Responding to Roberto Dini’s recent piece suggesting that all AI inventions are ab initio obvious because they are reproducible for an AI-enabled Person Of Ordinary Skill In The Art (POSITA), Krishna Jani and Tania Aithani explain how this understanding may not work owing to the heterogeneity and data-dependence of modern models. Krishna and Tania are fourth-year law students at the Institute of Law, Nirma University. They keenly follow and write on the evolving challenges at the nexus of technology and intellectual property.

Obvious to Whom?- Analysing Dini’s AI Dilemma
By Krishna Jani and Tania Aithani
The intersection of artificial intelligence and intellectual property law continues to generate complex legal challenges that demand careful scholarly attention. Roberto Dini’s recent editorial in the Journal of Intellectual Property, Law and Practice exemplifies this complexity. Rather than simply reiterating that AI lacks legal standing as a ‘person’ under current IP frameworks, Dini presents a more sophisticated challenge. He argues that even if the personhood barrier were eliminated, AI-generated inventions would fail to satisfy the non-obviousness requirement fundamental to patent law. He assumes that the advent of autonomous AI inventions would also necessitate replacing the established ‘person skilled in the art’ standard with an AI-equivalent benchmark for assessing novelty and obviousness.
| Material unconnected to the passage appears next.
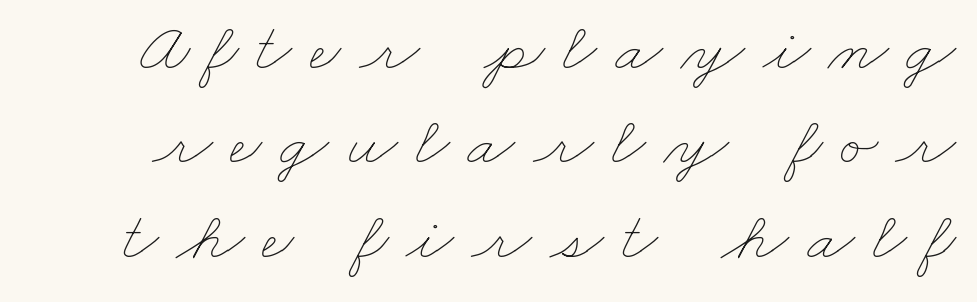
The image shows 70 px thin, wide type; set normal line spacing (1.35x), unusually wide letter spacing (+0.25 em), not underlined; low stroke contrast and a small x-height.

This substitution, Dini contends, would render all AI innovation obvious and thus unpatentable.
In this article, we analyse the claims made by Dini and the principal assumptions on which they are founded. After the laying the arguments made in the editorial, we analyse the strength of their claims and the possible resolution of the questions raised in the discourse.
Is Everything Reproducible?
Dini’s October 2025 editorial argues that while an AI’s solution to a technical problem may seem non-obvious at first, it ultimately isn’t. The argument rests on two grounds. Firstly, an invention wholly developed by an AI must be judged for non-obviousness by an equally capable AI. This is necessary, Dini explains, because a human may find all of the model’s inventions non-obvious due to the ‘superior capabilities’ of an AI inventor. Secondly, now when an AI based POSITA addresses the technical problem—on which the AI inventor appears to have ‘innovated’—the AI POSITA ‘will find the same solution’ as the inventor due to ‘reproducibility’ of outcomes in computational systems.
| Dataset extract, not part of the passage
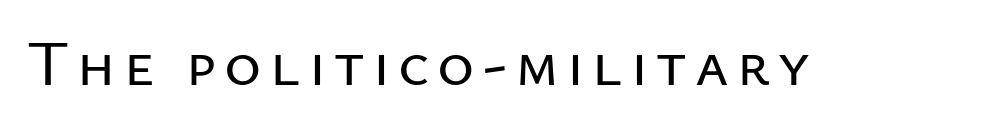
{"serif": "no", "italic": "no", "width": "normal", "stroke_contrast": "low", "x_height": "medium", "monospaced": "no", "underline": "no", "glyph_px": 63}

Reproducibility, Dini contends, applies to AI models squarely, such that given the same technical problem and subject to the same ‘prior art’ the two models will produce the exact same invention. For AI merely ‘reshuffles’ prior art and lacks a genuine ‘flash of genius’ (sic). Dini founds his arguments on the edifice of an underlying ‘homogeneity’ between all AI models. This homogeneity is both internal and external, that is, in their algorithmic logic and in the manner in which the model is trained. However, this assumption is imprecise.
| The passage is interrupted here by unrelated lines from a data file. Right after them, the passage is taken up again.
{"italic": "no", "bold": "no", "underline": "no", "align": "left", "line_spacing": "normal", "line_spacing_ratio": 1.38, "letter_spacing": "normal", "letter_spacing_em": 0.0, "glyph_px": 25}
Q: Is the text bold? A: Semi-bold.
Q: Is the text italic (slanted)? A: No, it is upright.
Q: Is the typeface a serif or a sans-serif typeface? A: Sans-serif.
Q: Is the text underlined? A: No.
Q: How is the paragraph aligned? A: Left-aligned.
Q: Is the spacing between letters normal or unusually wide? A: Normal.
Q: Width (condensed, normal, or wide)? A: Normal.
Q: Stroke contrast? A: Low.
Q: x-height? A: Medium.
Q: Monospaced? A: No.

Firstly, dozens of AI/ML approaches (Random Forests, Neural Networks, Gradient Boosting, etc.) are applied differently across diseases, datasets, and populations, yielding varied results. This diversity undermines the assumption of uniformity. AlphaGo cannot design novel proteins and AlphaProteo cannot play Go. The internal makings of each model are heterogeneous, non-substitutable and context dependent. For an AI POSITA to find a reproducible output, they will need to have the exact internal structure.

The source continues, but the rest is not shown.